I have created a new Yahoo Group for Conservative Presbyterian Church in America (PCA) Teaching and Ruling Elders concerned about the leftward drift in the denomination. The group is designed for discussing whether we should remain in the denomination, leave for another denomination, or form a new denomination.

Please note that if you join this group, you MUST introduce yourself and tell us which congregation or institution you are affiliated with.

Please also note that this group is NOT for discussing or making plans for the future of the PCA, as conservatives clearly cannot affect that in any meaningful way. It is merely for discussing our future and that of our congregations.

To join, please go to pcaconservatives : PCA Conservatives
or send an email to: [email protected] 

Your Servant in Christ,

Andy


----------



## Soonerborn (Jul 3, 2010)

Pastor Webb. I assume you were at GA? Can you tell me the general thoughts of the "conservative" TEs and REs at GA in light of what happened? Is a church split inevitable?


----------



## VictorBravo (Jul 3, 2010)

Moderation

I'm not Presbyterian, so maybe I should be the one to jump in. Let's not discuss the prospects of church splits here. For one thing, I think it is very premature and is apt to lead to rumor mongering.

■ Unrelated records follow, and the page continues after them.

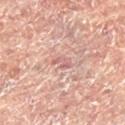Clinical impression: This lesion was catalogued during total-body skin photography and was not selected for biopsy. Acquisition and patient details: The lesion-visualizer software estimated a color-variation rating of about 0/10 and radial color variation of about 0. Imaged with cross-polarized lighting. A female subject, aged around 80. A lesion tile, about 15 mm wide, cut from a 3D total-body photograph. Located on the right leg. The lesion's longest dimension is about 3 mm.
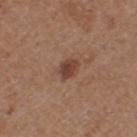The lesion was photographed on a routine skin check and not biopsied; there is no pathology result. From the leg. The lesion-visualizer software estimated an area of roughly 4 mm² and an outline eccentricity of about 0.7 (0 = round, 1 = elongated). And it measured border irregularity of about 3 on a 0–10 scale and a within-lesion color-variation index near 2.5/10. Approximately 2.5 mm at its widest. A 15 mm close-up extracted from a 3D total-body photography capture. This is a white-light tile. The subject is a female roughly 40 years of age.
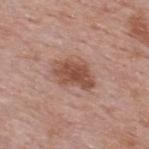* diameter — about 4.5 mm
* acquisition — ~15 mm crop, total-body skin-cancer survey
* patient — male, in their mid-50s
* illumination — white-light
* anatomic site — the upper back
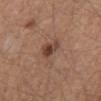Clinical impression: The lesion was tiled from a total-body skin photograph and was not biopsied. Clinical summary: A 15 mm close-up tile from a total-body photography series done for melanoma screening. The tile uses white-light illumination. Automated image analysis of the tile measured an area of roughly 7 mm², an outline eccentricity of about 0.75 (0 = round, 1 = elongated), and a shape-asymmetry score of about 0.45 (0 = symmetric). The software also gave an average lesion color of about L≈44 a*≈19 b*≈27 (CIELAB) and a lesion–skin lightness drop of about 9. The analysis additionally found lesion-presence confidence of about 100/100. On the front of the torso. A male subject, aged around 65.
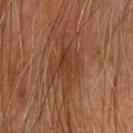Clinical impression:
This lesion was catalogued during total-body skin photography and was not selected for biopsy.
Context:
A 15 mm close-up extracted from a 3D total-body photography capture. The lesion's longest dimension is about 5 mm. The lesion is on the left upper arm. The patient is a male about 60 years old.
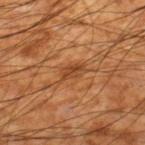The lesion was tiled from a total-body skin photograph and was not biopsied. On the leg. The tile uses cross-polarized illumination. A close-up tile cropped from a whole-body skin photograph, about 15 mm across. The patient is a male aged around 60. Automated tile analysis of the lesion measured a footprint of about 4.5 mm², an outline eccentricity of about 0.85 (0 = round, 1 = elongated), and a symmetry-axis asymmetry near 0.35. The analysis additionally found a within-lesion color-variation index near 3.5/10 and radial color variation of about 1. The analysis additionally found a nevus-likeness score of about 40/100 and a lesion-detection confidence of about 90/100.
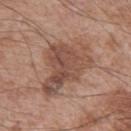Clinical impression: The lesion was photographed on a routine skin check and not biopsied; there is no pathology result. Context: The lesion is on the left upper arm. A 15 mm close-up tile from a total-body photography series done for melanoma screening. The tile uses white-light illumination. A male patient, roughly 65 years of age.
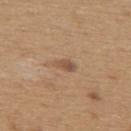Q: How was this image acquired?
A: total-body-photography crop, ~15 mm field of view
Q: What is the anatomic site?
A: the upper back
Q: Who is the patient?
A: male, in their mid- to late 60s
Q: Automated lesion metrics?
A: a lesion area of about 3 mm², a shape eccentricity near 0.85, and a symmetry-axis asymmetry near 0.35; an average lesion color of about L≈52 a*≈18 b*≈31 (CIELAB) and roughly 9 lightness units darker than nearby skin; border irregularity of about 3 on a 0–10 scale and internal color variation of about 1.5 on a 0–10 scale
Q: What lighting was used for the tile?
A: white-light illumination
Q: What is the lesion's diameter?
A: about 2.5 mm
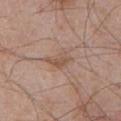| feature | finding |
|---|---|
| notes | imaged on a skin check; not biopsied |
| patient | male, aged around 65 |
| imaging modality | ~15 mm crop, total-body skin-cancer survey |
| location | the chest |
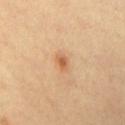| field | value |
|---|---|
| workup | imaged on a skin check; not biopsied |
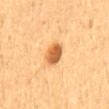{"biopsy_status": "not biopsied; imaged during a skin examination", "site": "abdomen", "patient": {"sex": "male", "age_approx": 45}, "automated_metrics": {"eccentricity": 0.55, "shape_asymmetry": 0.15, "cielab_L": 59, "cielab_a": 25, "cielab_b": 44, "vs_skin_darker_L": 15.0, "color_variation_0_10": 3.5}, "image": {"source": "total-body photography crop", "field_of_view_mm": 15}, "lighting": "cross-polarized", "lesion_size": {"long_diameter_mm_approx": 3.0}}
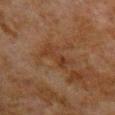Impression:
Imaged during a routine full-body skin examination; the lesion was not biopsied and no histopathology is available.
Clinical summary:
Approximately 4 mm at its widest. A 15 mm close-up extracted from a 3D total-body photography capture. This is a cross-polarized tile. A male patient, aged 78 to 82. Located on the left upper arm.
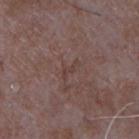Captured during whole-body skin photography for melanoma surveillance; the lesion was not biopsied.
The lesion-visualizer software estimated a normalized border contrast of about 5. The software also gave border irregularity of about 5.5 on a 0–10 scale, a color-variation rating of about 0/10, and peripheral color asymmetry of about 0. The analysis additionally found an automated nevus-likeness rating near 0 out of 100 and lesion-presence confidence of about 80/100.
Imaged with white-light lighting.
Cropped from a whole-body photographic skin survey; the tile spans about 15 mm.
On the chest.
A male patient aged around 65.
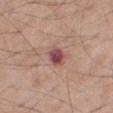Context:
The lesion is located on the right thigh. A male patient aged 68–72. Approximately 3 mm at its widest. A 15 mm close-up tile from a total-body photography series done for melanoma screening.
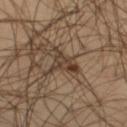follow-up: no biopsy performed (imaged during a skin exam).
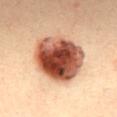Recorded during total-body skin imaging; not selected for excision or biopsy. The subject is a female about 35 years old. The lesion-visualizer software estimated a lesion area of about 31 mm², an outline eccentricity of about 0.45 (0 = round, 1 = elongated), and a symmetry-axis asymmetry near 0.1. And it measured a border-irregularity index near 1/10 and a within-lesion color-variation index near 10/10. A roughly 15 mm field-of-view crop from a total-body skin photograph. Longest diameter approximately 6.5 mm. The tile uses cross-polarized illumination. On the mid back.
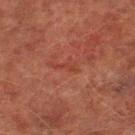Clinical impression: The lesion was tiled from a total-body skin photograph and was not biopsied. Context: Captured under cross-polarized illumination. A close-up tile cropped from a whole-body skin photograph, about 15 mm across. The lesion is located on the leg. A male subject, about 75 years old. Measured at roughly 3 mm in maximum diameter.
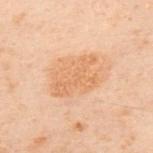{"biopsy_status": "not biopsied; imaged during a skin examination", "image": {"source": "total-body photography crop", "field_of_view_mm": 15}, "site": "back", "patient": {"sex": "male", "age_approx": 50}}
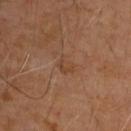  biopsy_status: not biopsied; imaged during a skin examination
  lighting: cross-polarized
  site: upper back
  patient:
    sex: male
    age_approx: 65
  lesion_size:
    long_diameter_mm_approx: 2.5
  image:
    source: total-body photography crop
    field_of_view_mm: 15

I am not shutting down conversation about what happened, but I don't think we want the PB to be forum for actually generating and spreading ecclesiastical controversy.


----------



## SEAGOON (Jul 4, 2010)

Hi All,

I'm not going to get into any debate or even discussion here on the PB, just posting this as information for interested members.

Sorry for any confusion.

Your Servant in Christ,

Andy Webb


----------



## ColdSilverMoon (Jul 4, 2010)

SEAGOON said:


> Dear Brothers,
> 
> *I have created a new Yahoo Group for Conservative Presbyterian Church in America (PCA) Teaching and Ruling Elders concerned about the leftward drift in the denomination. The group is designed for discussing whether we should remain in the denomination, leave for another denomination, or form a new denomination.*
> 
> ...


 
Well, this answers my question posed on the Heidel Blog about your strategy after your overture failed. Interesting to see the tone of divisiveness in an invitation to REs and TEs of the same denomination. I wonder if you (and others joining) have ever stopped to consider that you are too conservative rather than the PCA "drifting" too liberal.

Also interesting that this is posted under "Church Order," since there is nothing to do whatsoever with "order" (official or otherwise) in the PCA...


----------



## VictorBravo (Jul 4, 2010)

Thread is being left up for general information, closed to discussion.


----------